# Good trolling rod for big lake salmon



## Jace (Dec 7, 2011)

Getting into trolling for salmon but what brand an name of rods do you prefer 

Outdoor Hub mobile, the outdoor information engine


----------



## Lagunz (Dec 2, 2011)

I run okuma rods I think there classic pro model. They have held up good for me and there cheap. I don't think I paid more than 30$ a piece. But prices might have gone up.


----------



## Runaway2 (Jan 25, 2013)

I have custom fenwicks. But daiwa heartland series is a pretty good rod.

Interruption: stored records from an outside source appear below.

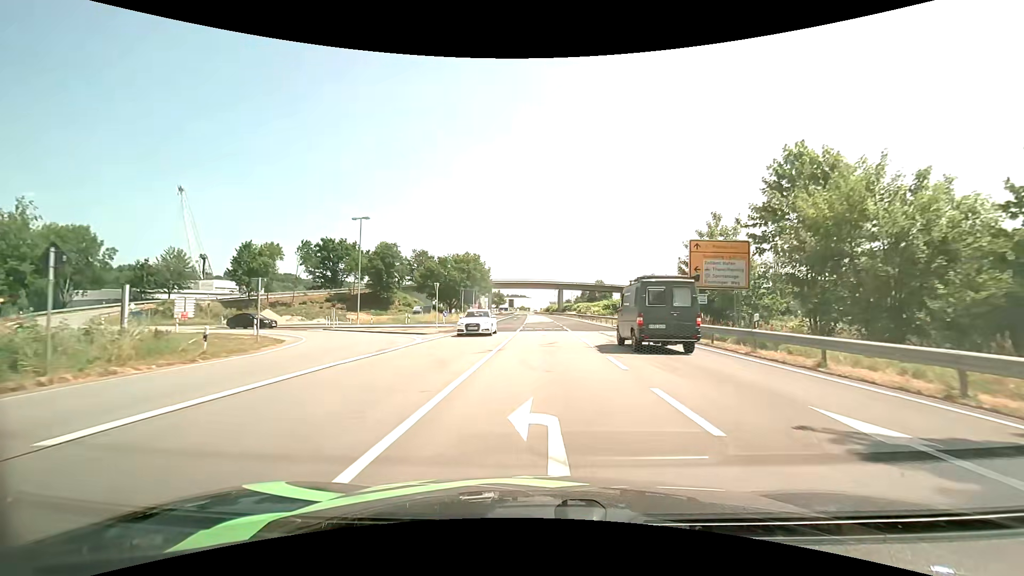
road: primary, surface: asphalt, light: Day
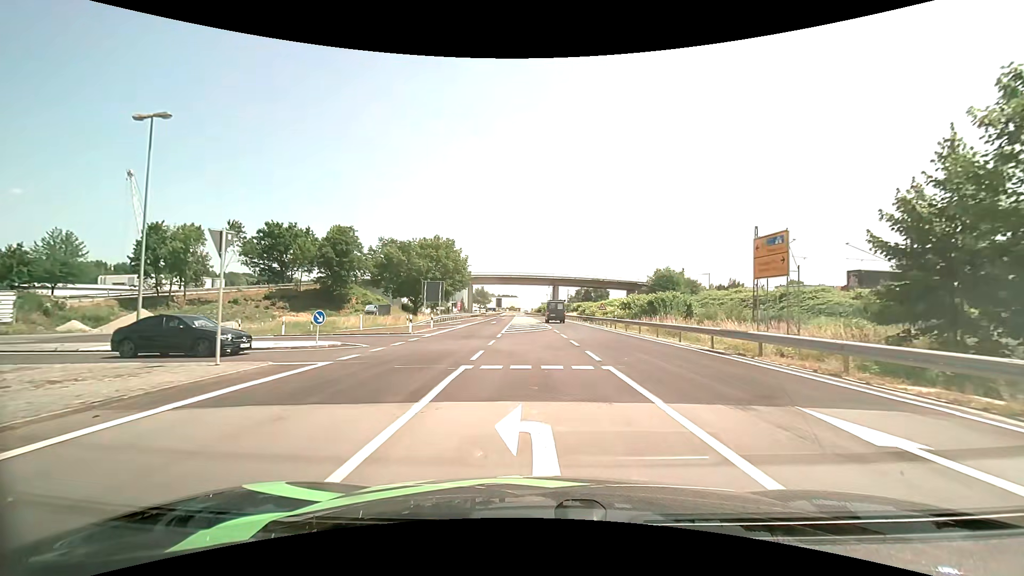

Posted using Outdoor Hub Campfire


----------



## Jace (Dec 7, 2011)

I will look into the okuma rods. Sounds like a deal in my book 

Outdoor Hub mobile, the outdoor information engine


----------



## grizzly (Dec 11, 2000)

I was lucky to find 8 Ugly Sticks from a walleye guy that are 7 foot and are medium action. I was a bit skeptical about using them for salmon but i have yet to destroy one with 30lb mono. I like to wrench the rods right over using rubber band releases and i have had really good luck so far with these rods. This will be the 4th season on them. Other than 2 tips getting destroyed from people reeling in the swivels to far i have had no issues. 

Grizzly.


----------



## sovaa4307 (Dec 11, 2012)

for rigger rods Eagle claw starfire is pretty nice... a lot of times you can pick up a rod for $12 at dunhams when they are on sale other wise i think its like $20 for normal price. Ive even used them for dipsys and it works well.


----------



## Runaway2 (Jan 25, 2013)

IMO if u are going to run any wire do NOT use roller guides though. I had terrible luck with them! Lost numerous fish on a count of them. Instead i would buy a regular dipsey rod and buy a twilly tip and put it on there, they work great and i like the rods alot better too.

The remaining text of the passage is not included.